• What you need to do
Below are some records. Copy every line in them that holds "rect".

• Material for this task
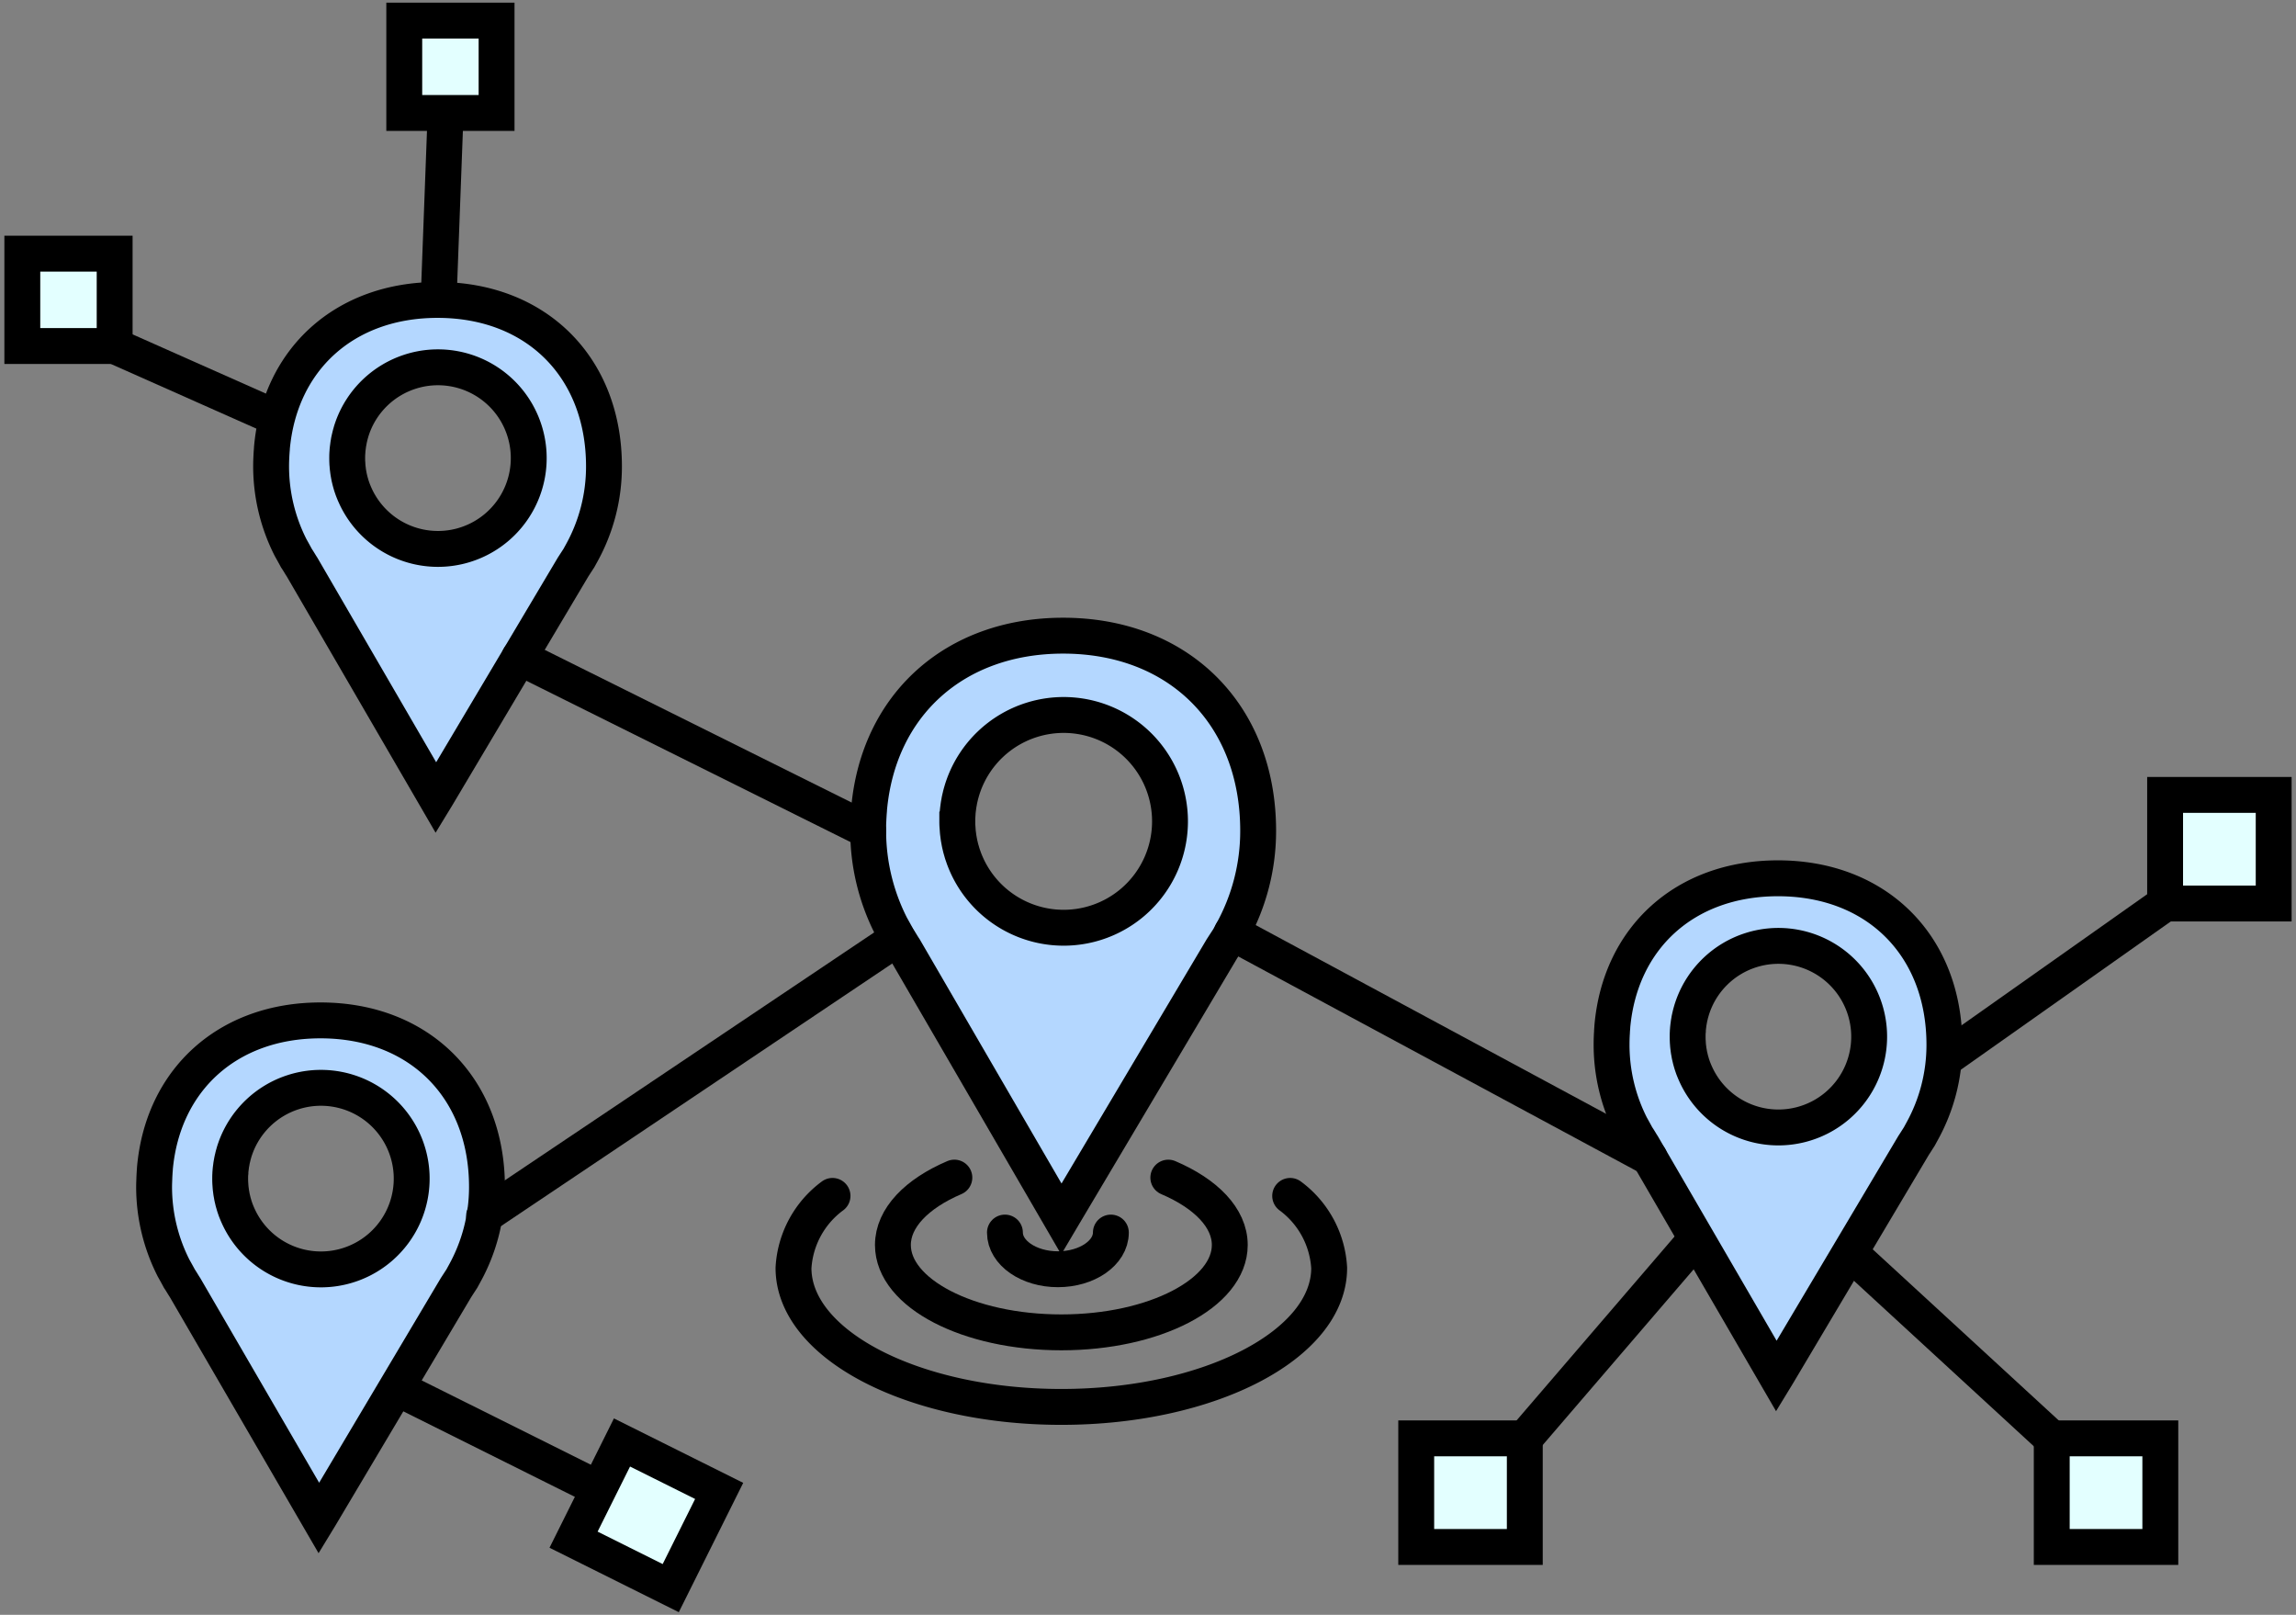 <svg xmlns="http://www.w3.org/2000/svg" viewBox="0 0 128 90">
  <rect x="0" y="0" width="128" height="90" fill="#808080" stroke="none"/>
  <g>
    <line x1="33.389" y1="82.975" x2="22.098" y2="77.349" style="fill: none;stroke: #000;stroke-linecap: round;stroke-linejoin: round;stroke-width: 2px"/>
    <line x1="114.383" y1="80.165" x2="103.241" y2="69.919" style="fill: none;stroke: #000;stroke-linecap: round;stroke-linejoin: round;stroke-width: 2px"/>
    <line x1="94.579" y1="69.024" x2="85.007" y2="80.165" style="fill: none;stroke: #000;stroke-linecap: round;stroke-linejoin: round;stroke-width: 2px"/>
    <line x1="24.453" y1="16.687" x2="24.838" y2="6.397" style="fill: none;stroke: #000;stroke-linecap: round;stroke-linejoin: round;stroke-width: 2px"/>
    <line x1="15.471" y1="23.318" x2="6.392" y2="19.285" style="fill: none;stroke: #000;stroke-linecap: round;stroke-linejoin: round;stroke-width: 2px"/>
    <line x1="120.703" y1="50.356" x2="108.438" y2="59.015" style="fill: none;stroke: #000;stroke-linecap: round;stroke-linejoin: round;stroke-width: 2px"/>
    <rect x="78.953" y="80.165" width="6.053" height="6.053" style="fill: #e3ffff;stroke: #000;stroke-miterlimit: 10;stroke-width: 2px"/>
    <rect x="22.537" y="1.148" width="5.147" height="5.148" style="fill: #e3ffff;stroke: #000;stroke-miterlimit: 10;stroke-width: 2px"/>
    <rect x="1.244" y="14.137" width="5.148" height="5.148" style="fill: #e3ffff;stroke: #000;stroke-miterlimit: 10;stroke-width: 2px"/>
    <rect x="33.008" y="81.426" width="6.053" height="6.053" transform="translate(-55.625 79.041) rotate(-63.514)" style="fill: #e3ffff;stroke: #000;stroke-miterlimit: 10;stroke-width: 2px"/>
    <rect x="114.383" y="80.165" width="6.053" height="6.053" style="fill: #e3ffff;stroke: #000;stroke-miterlimit: 10;stroke-width: 2px"/>
    <rect x="120.703" y="44.303" width="6.053" height="6.053" style="fill: #e3ffff;stroke: #000;stroke-miterlimit: 10;stroke-width: 2px"/>
    <path d="M48.4,46.3h0a11.7,11.7,0,0,0,1.277,5.313s.227.4.372.676c.163.241.241.393.371.584l8.749,15.062.071-.12h0L68.125,52.87c.046-.068.089-.138.134-.207l.243-.373.171-.313A11.65,11.65,0,0,0,70.141,46.3c0-6.462-4.41-10.872-10.872-10.872-6.059,0-10.313,3.877-10.821,9.687l0,.035c-.007.085-.014.17-.02.257v.007c-.006.1-.012.191-.016.287v.015C48.4,45.911,48.4,46.106,48.4,46.3Zm4.97-.526c0-.1,0-.2.008-.3,0-.039.006-.076.008-.114,0-.062.008-.125.014-.186s.013-.1.02-.157.011-.093.018-.138c.009-.062.021-.123.033-.185.006-.035.011-.071.018-.106q.023-.105.048-.207c.006-.026.011-.052.018-.078.02-.077.042-.153.064-.228l.015-.051c.026-.085.054-.168.084-.251l.008-.023a5.929,5.929,0,1,1,.222,4.583h0c-.04-.085-.079-.171-.116-.259l-.011-.027c-.033-.079-.064-.159-.094-.24-.006-.017-.011-.035-.017-.052-.026-.073-.052-.147-.075-.221-.008-.026-.015-.053-.022-.079-.02-.067-.04-.133-.057-.2-.009-.034-.016-.069-.024-.1-.014-.061-.029-.121-.041-.182-.009-.042-.015-.085-.023-.127s-.021-.109-.029-.164-.013-.1-.02-.154-.013-.094-.018-.141c-.006-.065-.01-.131-.015-.2,0-.034-.006-.068-.007-.1C53.369,45.979,53.367,45.878,53.367,45.776Z" style="fill: #b4d7ff;stroke: #000;stroke-miterlimit: 10;stroke-width: 2px"/>
    <path d="M89.844,58.229h0a9.979,9.979,0,0,0,1.089,4.535s.194.342.318.577c.139.2.206.335.316.5l7.467,12.854.061-.1h0l7.585-12.756c.039-.058.076-.117.114-.176L107,63.34l.146-.268a9.942,9.942,0,0,0,1.253-4.843c0-5.515-3.764-9.279-9.279-9.279-5.171,0-8.8,3.309-9.235,8.268l0,.029c-.006.073-.012.146-.017.22v.006c0,.081-.01.163-.013.245v.013C89.847,57.9,89.844,58.061,89.844,58.229Zm4.241-.449c0-.087,0-.174.007-.26,0-.032,0-.064.007-.1,0-.053.007-.106.012-.158s.011-.09.017-.134.009-.079.015-.118.018-.1.028-.158c0-.03.01-.06.016-.09.012-.06.026-.119.041-.177.005-.022.009-.045.015-.067.017-.065.036-.13.055-.194l.012-.044c.023-.072.047-.143.072-.214l.007-.019a5.06,5.06,0,1,1,.189,3.911h0c-.035-.073-.068-.146-.1-.221l-.01-.023c-.028-.068-.055-.136-.08-.2l-.015-.044c-.022-.063-.044-.126-.063-.189l-.02-.068c-.016-.057-.033-.113-.048-.171-.007-.029-.013-.059-.02-.088-.013-.052-.025-.1-.036-.155-.007-.036-.013-.073-.019-.109s-.018-.092-.025-.139-.011-.088-.017-.132-.011-.08-.015-.12c-.006-.056-.009-.112-.013-.168,0-.03,0-.059-.006-.088C94.087,57.954,94.085,57.867,94.085,57.78Z" style="fill: #b4d7ff;stroke: #000;stroke-miterlimit: 10;stroke-width: 2px"/>
    <path d="M8.591,66.146h0A9.971,9.971,0,0,0,9.68,70.68s.194.342.318.577c.139.206.206.336.316.5L17.781,84.61l.061-.1h0l7.585-12.756c.04-.058.076-.118.115-.177l.207-.318.146-.267a9.945,9.945,0,0,0,1.253-4.843c0-5.515-3.764-9.279-9.279-9.279-5.171,0-8.8,3.309-9.235,8.267l0,.03c-.006.073-.012.146-.016.219v.006c-.005.082-.01.164-.013.246v.013C8.6,65.812,8.591,65.978,8.591,66.146Zm4.241-.449c0-.087,0-.174.007-.26,0-.032,0-.065.007-.1,0-.053.007-.106.012-.159s.011-.089.017-.133.009-.08.015-.119.018-.105.028-.157c.005-.03.01-.061.016-.091.012-.059.027-.118.041-.177.005-.022.009-.044.015-.066.017-.065.036-.13.055-.2l.012-.043c.023-.072.047-.143.072-.214l.007-.019a5.06,5.06,0,1,1,.19,3.911h0c-.035-.073-.068-.147-.1-.221l-.009-.023c-.029-.068-.056-.136-.081-.2l-.015-.045c-.022-.062-.044-.125-.063-.189-.007-.022-.013-.045-.019-.067-.017-.057-.034-.113-.049-.171-.007-.029-.013-.059-.02-.088-.012-.052-.025-.1-.036-.155-.007-.036-.013-.073-.019-.109s-.018-.093-.025-.139-.011-.089-.017-.133-.011-.079-.015-.12-.009-.112-.013-.168c0-.029-.005-.058-.006-.088C12.834,65.87,12.832,65.784,12.832,65.7Z" style="fill: #b4d7ff;stroke: #000;stroke-miterlimit: 10;stroke-width: 2px"/>
    <path d="M15.114,25.989h0a10,10,0,0,0,1.09,4.535s.193.342.318.577c.139.206.206.335.316.5l7.467,12.854.061-.1h0l7.585-12.756c.039-.058.076-.117.114-.176l.207-.318.147-.267a9.948,9.948,0,0,0,1.252-4.844c0-5.515-3.763-9.278-9.278-9.278-5.171,0-8.8,3.308-9.235,8.267l0,.03c-.006.072-.012.145-.017.219v.006c-.006.081-.01.163-.014.245v.013C15.118,25.656,15.114,25.822,15.114,25.989Zm4.242-.449c0-.087,0-.173.006-.259,0-.033.005-.065.008-.1,0-.053.006-.106.012-.158s.011-.089.017-.134.009-.079.015-.118.018-.105.028-.157c0-.031.01-.061.016-.091.012-.06.026-.119.04-.177.006-.022.01-.045.016-.066.016-.066.035-.131.055-.2l.012-.044c.022-.072.046-.143.072-.214l.006-.019a5.061,5.061,0,1,1,.19,3.911h0c-.034-.073-.067-.146-.1-.221l-.009-.023c-.028-.067-.055-.136-.08-.2l-.015-.044c-.022-.063-.044-.125-.064-.189-.007-.022-.012-.045-.019-.068q-.025-.084-.048-.171c-.008-.029-.014-.058-.021-.088-.012-.051-.025-.1-.035-.155-.008-.036-.013-.072-.02-.109s-.017-.092-.024-.139-.012-.088-.017-.132-.011-.08-.015-.12c-.006-.056-.009-.112-.013-.168,0-.03,0-.059-.007-.088C19.358,25.714,19.356,25.627,19.356,25.54Z" style="fill: #b4d7ff;stroke: #000;stroke-miterlimit: 10;stroke-width: 2px"/>
    <line x1="28.955" y1="36.633" x2="48.397" y2="46.302" style="fill: none;stroke: #000;stroke-linecap: round;stroke-linejoin: round;stroke-width: 2px"/>
    <line x1="26.987" y1="67.764" x2="50.046" y2="52.291" style="fill: none;stroke: #000;stroke-linecap: round;stroke-linejoin: round;stroke-width: 2px"/>
    <line x1="68.673" y1="51.977" x2="91.962" y2="64.518" style="fill: none;stroke: #000;stroke-linecap: round;stroke-linejoin: round;stroke-width: 2px"/>
    <path d="M53.205,65.632c-2.09.893-3.426,2.242-3.426,3.755,0,2.69,4.2,4.87,9.39,4.87s9.39-2.18,9.39-4.87c0-1.514-1.337-2.862-3.427-3.754" style="fill: none;stroke: #000;stroke-linecap: round;stroke-linejoin: round;stroke-width: 2px"/>
    <path d="M46.412,66.652a5.361,5.361,0,0,0-2.175,4.016c0,4.277,6.685,7.744,14.932,7.744S74.1,74.945,74.1,70.668a5.36,5.36,0,0,0-2.174-4.016" style="fill: none;stroke: #000;stroke-linecap: round;stroke-linejoin: round;stroke-width: 2px"/>
    <path d="M61.93,68.695c0,1.129-1.322,2.044-2.953,2.044s-2.953-.915-2.953-2.044" style="fill: none;stroke: #000;stroke-linecap: round;stroke-linejoin: round;stroke-width: 2px"/>
  </g>
</svg>

• Response to this task
  <rect x="0" y="0" width="128" height="90" fill="#808080" stroke="none"/>
    <rect x="78.953" y="80.165" width="6.053" height="6.053" style="fill: #e3ffff;stroke: #000;stroke-miterlimit: 10;stroke-width: 2px"/>
    <rect x="22.537" y="1.148" width="5.147" height="5.148" style="fill: #e3ffff;stroke: #000;stroke-miterlimit: 10;stroke-width: 2px"/>
    <rect x="1.244" y="14.137" width="5.148" height="5.148" style="fill: #e3ffff;stroke: #000;stroke-miterlimit: 10;stroke-width: 2px"/>
    <rect x="33.008" y="81.426" width="6.053" height="6.053" transform="translate(-55.625 79.041) rotate(-63.514)" style="fill: #e3ffff;stroke: #000;stroke-miterlimit: 10;stroke-width: 2px"/>
    <rect x="114.383" y="80.165" width="6.053" height="6.053" style="fill: #e3ffff;stroke: #000;stroke-miterlimit: 10;stroke-width: 2px"/>
    <rect x="120.703" y="44.303" width="6.053" height="6.053" style="fill: #e3ffff;stroke: #000;stroke-miterlimit: 10;stroke-width: 2px"/>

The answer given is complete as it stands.